53rd Camellia Show comes to town
Published 10:39 am Thursday, February 4, 2016
The Brookhaven Camellia Society will have its 53rd annual Camellia Show Saturday at the Brookhaven Recreation Department.
“It’s an opportunity for people to see a lot of blooms in one place, and then to also have an opportunity to go out and buy a camellia if they want to,” show chairman Homer Richardson said. “But it’s mainly to come and see camellias.”
Blooms can be entered from 7:30 a.m. to 11 a.m., when judging begins.
“We do the judging, and then it’s open to the public from 2 p.m. to 5 p.m. on Saturday,” Richardson said. “No tickets. It’s all free. We’ll also have a vendor that’s bringing in camellia plants that will be available from 8 a.m. until when we finish up that afternoon, so if people want to look around at some of the blooms and buy a plant, they can do that.”

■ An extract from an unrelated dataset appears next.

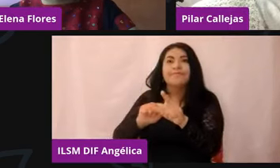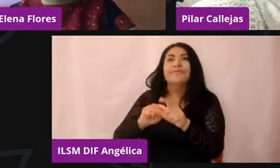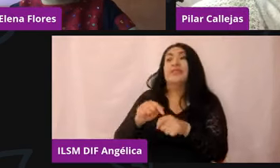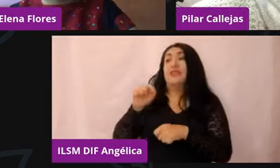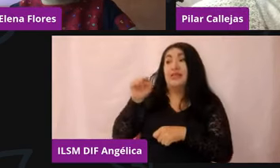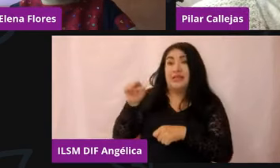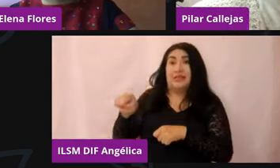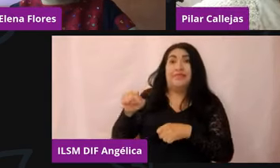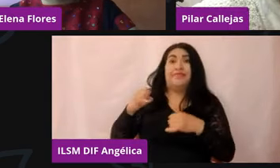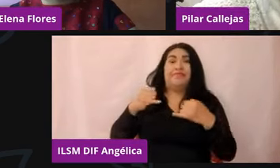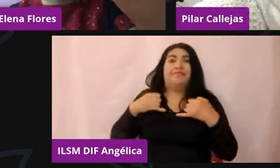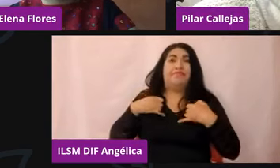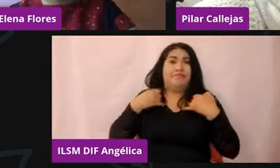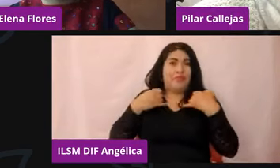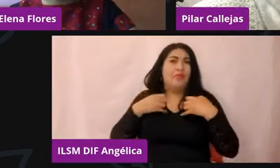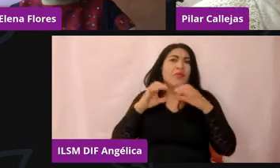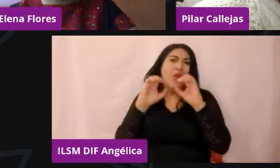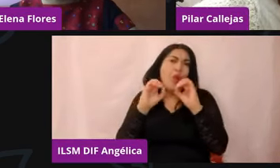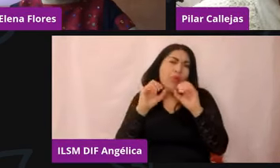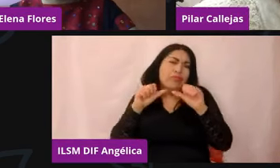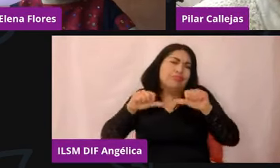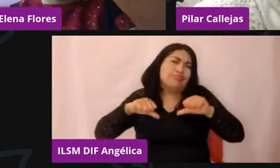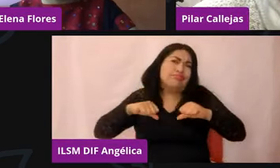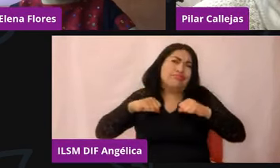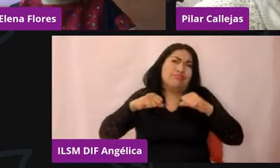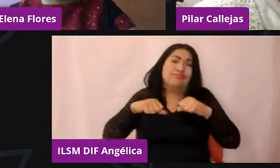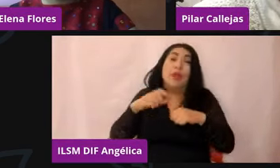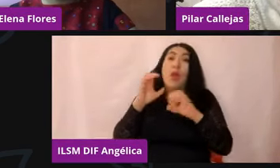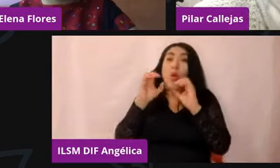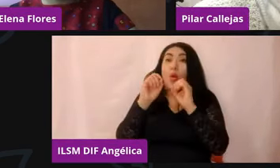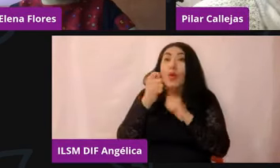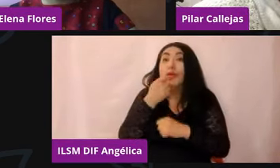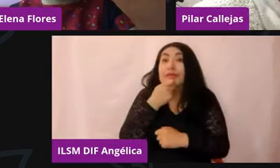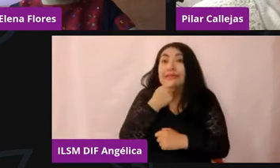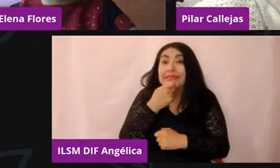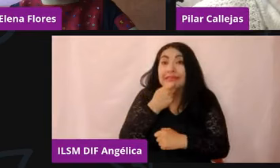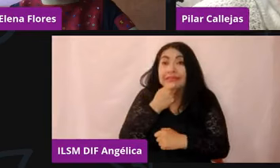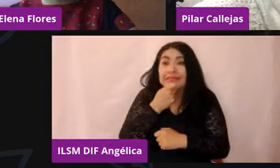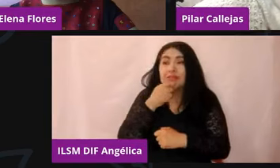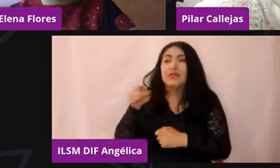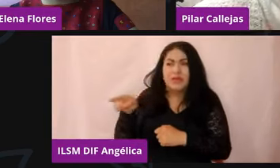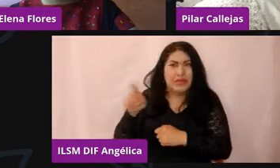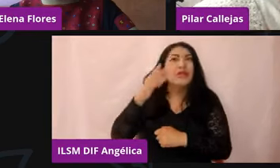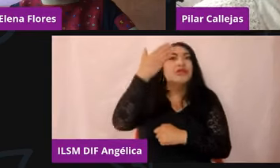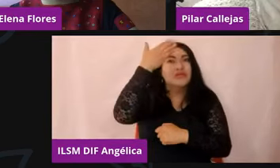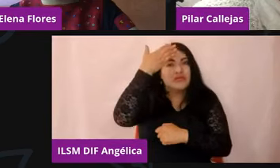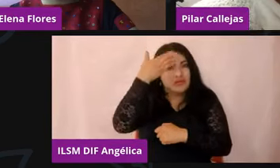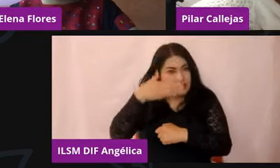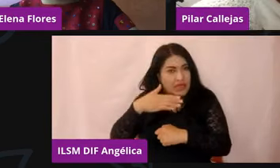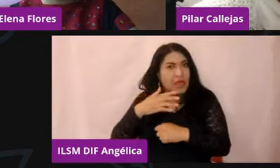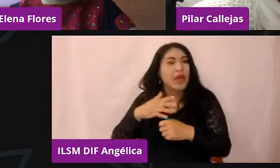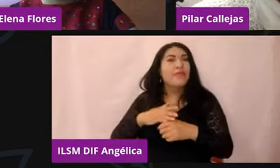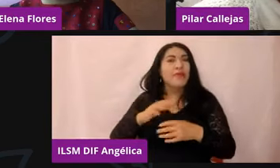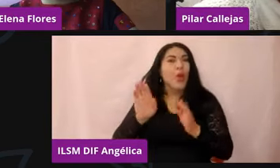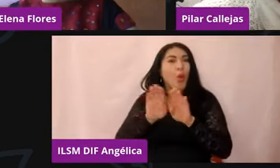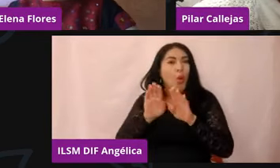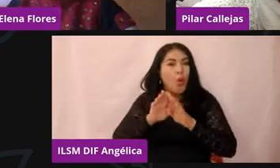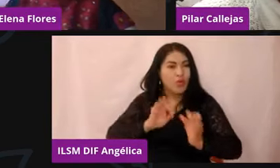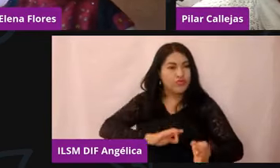o el adolescente o el niño tenga capacidades de afrontamiento más adaptativas.

Richardson said there should be several hundred blooms at the show.
“We have people who grow camellias that’s coming all the way from Florida, Alabama, Mississippi and Texas and they bring blooms and they come in to also judge the shows,” he said.

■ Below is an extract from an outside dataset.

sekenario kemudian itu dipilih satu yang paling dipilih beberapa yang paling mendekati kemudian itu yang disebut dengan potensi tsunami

The camellias are then judged in categories according to size.
“Then the winners — the best of the best — go to the head table,” Richardson said. “They will have individual prizes for each of these. Best Lincoln County, for example.”
Richardson said he and his wife fell in love with camellias when they moved to Brookhaven in 1989.
“They’re one of the few plants that bloom in the winter time. You don’t see many of those if you get to be too far up north, because it gets too cold for them to be growing outside. You can grow them in a greenhouse. We were down here and we saw a camellia show that was advertised in the newspaper. She went down there and won a camellia, and from that point on we have been planting camellias, growing camellias, showing camellias and judging camellias.”
Richardson said people are drawn to camellias because of their huge variety.
“These can go all the way from white to pink to red and all shades in-between,” Richardson said. “The other variety is the sizes they can be. They can be an inch and a half across or nearly as large as 8 inches in some cases. It’s just so many different forms of them. So I think that makes them sort of unique. So many varieties. There’s over 50,000 named varieties of camellias.”
The Camellia Show in Brookhaven is one of only two in Mississippi, according to Richardson.